我不是很反感呀。我只是怕悶和怕俗而已。我抗辯。

「都是那一句,只要公和私分開一點,一切都好辦。什麼同事house warming那些我就一定不會去了。」阿聲說:「你只要想想,和你工作的人,其實他們沒有資格知道你在想什麼,你在意什麼,你在乎什麼。」

公私分明?在中國人的世界可行嗎?你命好而已。

「你看的世界那麼負面,怎會看到生路?」阿聲問我。

對,當你看過教育界,我的學生、同事、朋友如何面對這個衣櫃,你應該會知道,什麼叫「夏蟲不可語冰」。在岸上安穩乘涼的人,又怎會知道人在水中努力掙扎的痛苦?

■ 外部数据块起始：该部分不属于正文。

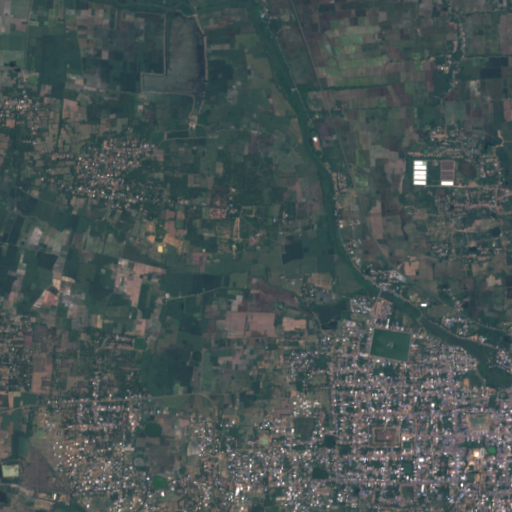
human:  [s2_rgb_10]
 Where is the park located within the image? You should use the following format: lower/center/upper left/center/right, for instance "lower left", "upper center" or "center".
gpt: The park is located in the lower right of the image.
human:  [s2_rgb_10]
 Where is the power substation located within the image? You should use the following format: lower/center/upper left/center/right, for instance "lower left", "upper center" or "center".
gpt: The power substation is located in the center of the image.
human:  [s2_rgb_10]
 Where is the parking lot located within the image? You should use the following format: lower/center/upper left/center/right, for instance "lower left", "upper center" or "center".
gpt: There is no parking lot in the image.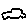
Label: car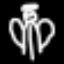
Label: angel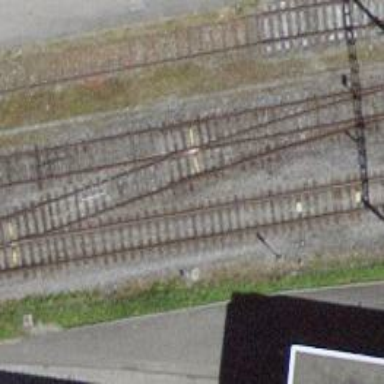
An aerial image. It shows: Rail siding with electrified contact lines.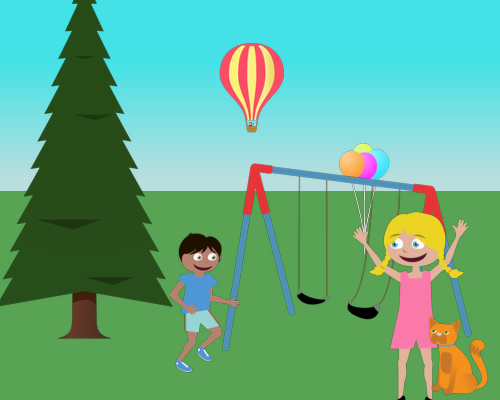
A trimmed pine tree, a hot air balloon, a swing, a cat, a boy running, and a girl with balloons.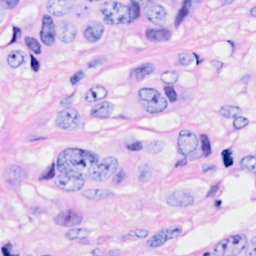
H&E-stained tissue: Breast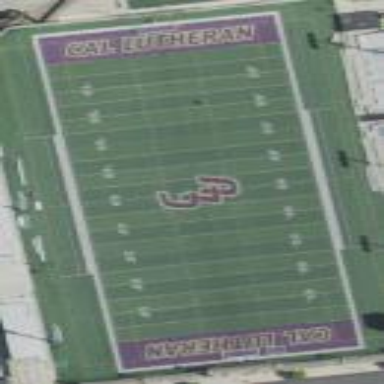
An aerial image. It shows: Pitch for American football.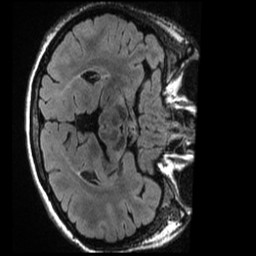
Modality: T1w
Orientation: axial
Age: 23
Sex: female
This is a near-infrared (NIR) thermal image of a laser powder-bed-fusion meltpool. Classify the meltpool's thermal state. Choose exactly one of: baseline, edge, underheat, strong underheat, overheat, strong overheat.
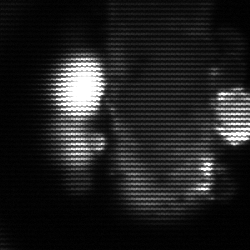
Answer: strong underheat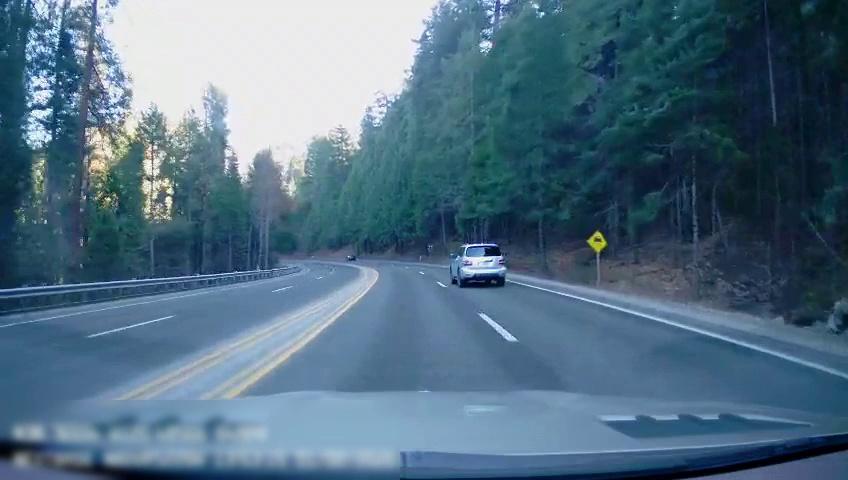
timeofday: Day
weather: Sunny
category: Drivable Space
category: Vehicles | SUV
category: Lanes | Current Lane
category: Lanes | Alternate Lane
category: Lanes | Current Lane
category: Lanes | Alternate Lane
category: Lanes | Opposite Lane
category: Lanes | Opposite Lane
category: Lanes | Opposite Lane
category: Lanes | Opposite Lane
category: Traffic | Signs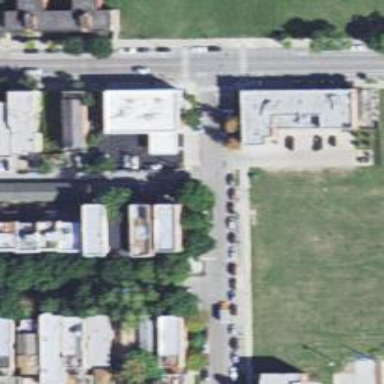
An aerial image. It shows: Alleyway designated as service road.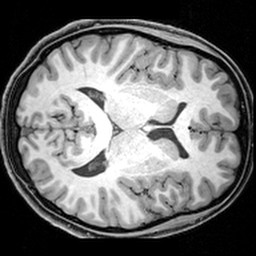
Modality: T1w
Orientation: axial
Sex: female
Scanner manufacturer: siemens
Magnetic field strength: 3 T
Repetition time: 1.9 s
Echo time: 0.00397 s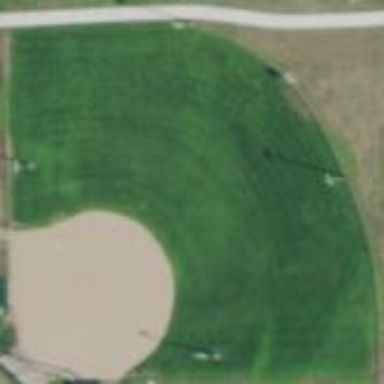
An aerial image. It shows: Softball pitch designated for baseball sports.
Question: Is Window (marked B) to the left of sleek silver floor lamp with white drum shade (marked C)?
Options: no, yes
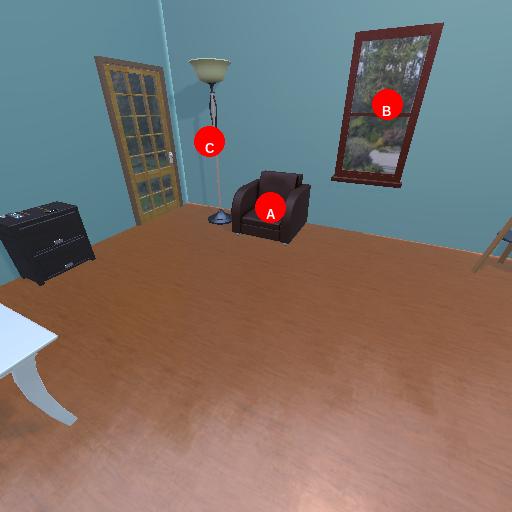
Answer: no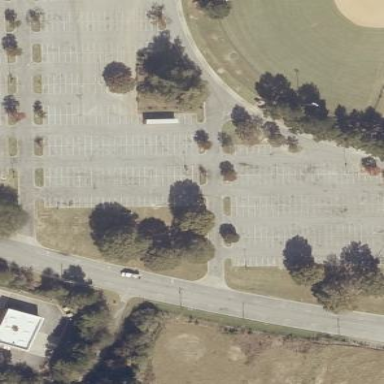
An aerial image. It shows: Parking area with asphalt surface.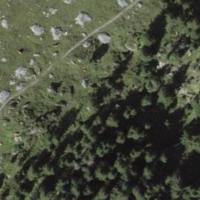
EUNIS habitat code: 23
Species observed at this site:
Hesperia comma
Carduelis citrinella
Linaria cannabina
Anthus spinoletta
Phoenicurus ochruros
Erebia aethiops
Chorthippus biguttulus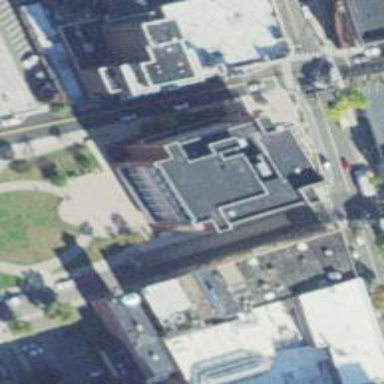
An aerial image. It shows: Courthouse building.
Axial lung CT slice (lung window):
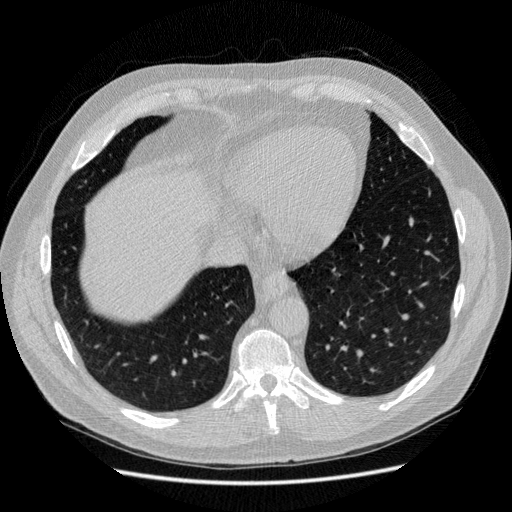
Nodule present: no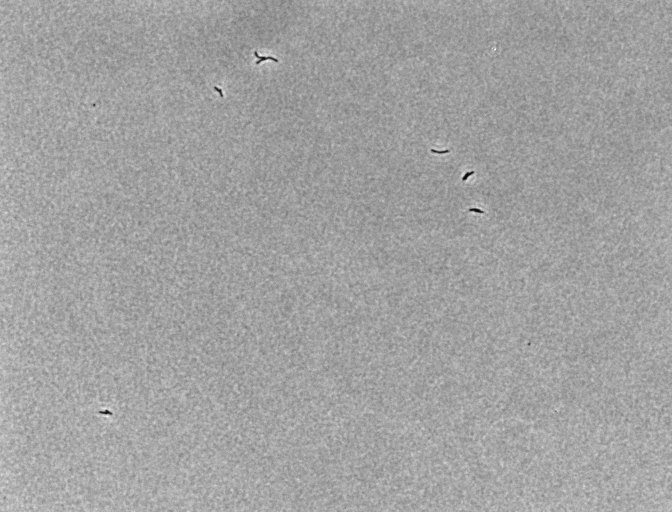
Phase contrast microscopy, 20x objective, 3 h incubation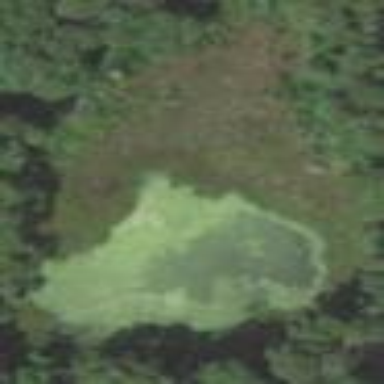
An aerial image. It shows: Marsh wetland.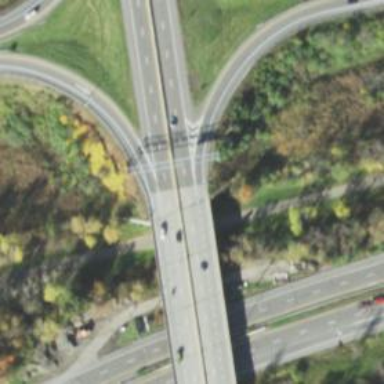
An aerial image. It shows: Primary highway bridge designed as expressway.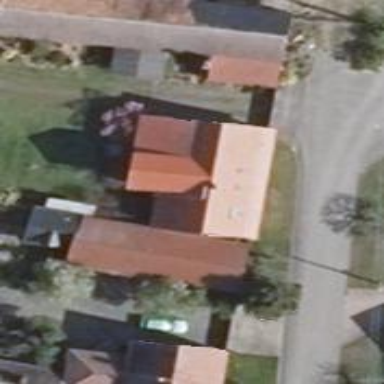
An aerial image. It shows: Charming house with gabled roof. The roof is red in color and oriented along the building.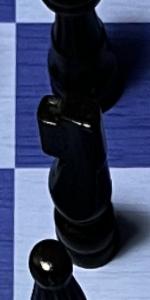
Label: Knight_Black

你看著我,我看著你,我有話要說。你在岸上安穩乘涼,又怎會知道我此刻的感受?(圖:網路圖片)




(原文刊於 Milk 雜誌,Book B)

Thursday, January 10, 2013

一個人總要在這個城市學習如何一個人


一個人總要在這個城市學習如何一個人




大時大節,一個人在香港,其實不難過。只要不外出,就可以了。

在一家保守學校當老師,二十五歲獨身的中文老師D說,他的狀態,現在根本不可以找男朋友:「其實,你說不怕就是假的。但有時候都會按捺不住,在手機上看看Grindr(男同志聯誼用的手機應用程式),但也不敢在學校附近或鬧市的地段,甚至是不可以把照片放上網上。」

這個當然吧。

「找一個人做做愛,當然沒有問題。但更大的問題是,你要認識一個人,交往,出外喝酒這些,在香港很基本。」

D說,他沒有當上中文老師之前,也會到一些同志喝酒的場合去見見人,自從知道好些同事因為性取向而被校長用各式各樣的行政壓力迫走後,他也不敢再在香港的同志場合出現:「最多都是一年去幾次曼谷、馬來西亞。馬來西亞很好,不用說英語,都是說廣東話。去曼谷呢,也不可以給同事知道太多。你明白,他們很喜歡加別人的Facebook去八卦。所以,我去旅行的時候大多都不會把任何照片放到網上。」D說:「這樣子解決的,只是性慾,而不是感情的需要。」

我明白的。但,你一天在這種教育工作環境工作,就得要習慣總會是這樣子?「我明白的。」D說:「但你知道,做老師,在外面轉不了行。很多公司都說,當老師那些年,不算他們的『工作經驗』。現在搬出來,家計、學費貸款,都要打點。這些事情,都很現實。」D說,他不是怨,選擇了這種生活,就得接受是這樣:「你可以怪什麼人?在香港當教師,本來就需要很多演技。你看著那些孩子,你就想告訴他們的父母,你這樣教出一頭怪物來,要我們處理,真是造孽。但後來你記得你自己只是『打份工』,交出一點演技,告訴他們:『你的孩子很有前途的,只要他肯努力』,他們就會聽得順心。最大問題是,他們根本不會努力而已。」D現在,看來都很會演技。「人過了三十歲,就知道話不可以說盡。有時候不是需要說謊,只是大家都希望聽到好說話。做人要夠『真』?算吧,楊千嬅都結婚了,真我沒有市場的。大家都知道,大家都需要一點偽善。」

只是,在這個城市,獨身也可以是一種選擇,只要你夠有錢。「只是有時候都會按捺不住。本來,有一次去文化中心看看話劇,對,找點娛樂,可以放鬆一下,花錢也不太多,都OK的。最重要的,是一定不會撞見那些學生和同事。」D說:「但有一次,很多人,很迫。大概是展覽開幕,同時所有場地都有節目要開。所以,那一家Deli and Wine就很多很多人。我中午的時候已為學生測驗,沒有時間吃飯。下課後又開會至六時。我只是想吃一個叉燒湯意粉加炒蛋的茶餐。到我排隊買東西吃的時候,那個收銀員問我:『先生,你一個人嗎?』我答:對。一個人。他又再問我:『你找了位子沒有?』我答:仍沒有。他就不慍不火的對我說:『那麼你可以要外賣嗎?』那一刻,我就火都起了,對著那個收銀員說:『我現在一個人,不可以在這兒吃飯嗎?一個人就沒有資格坐在你的餐廳嗎?你這樣說是什麼意思?我不吃了。』於是就走了。」

我絕對明白,也曾感同身受。

「在這個城市,獨身是一種罪。即使,你只是想在尖沙咀文化中心的Deli and Wine吃一個快餐,你都需要一個伴。」D幽幽的說:「或許,我應該去死。」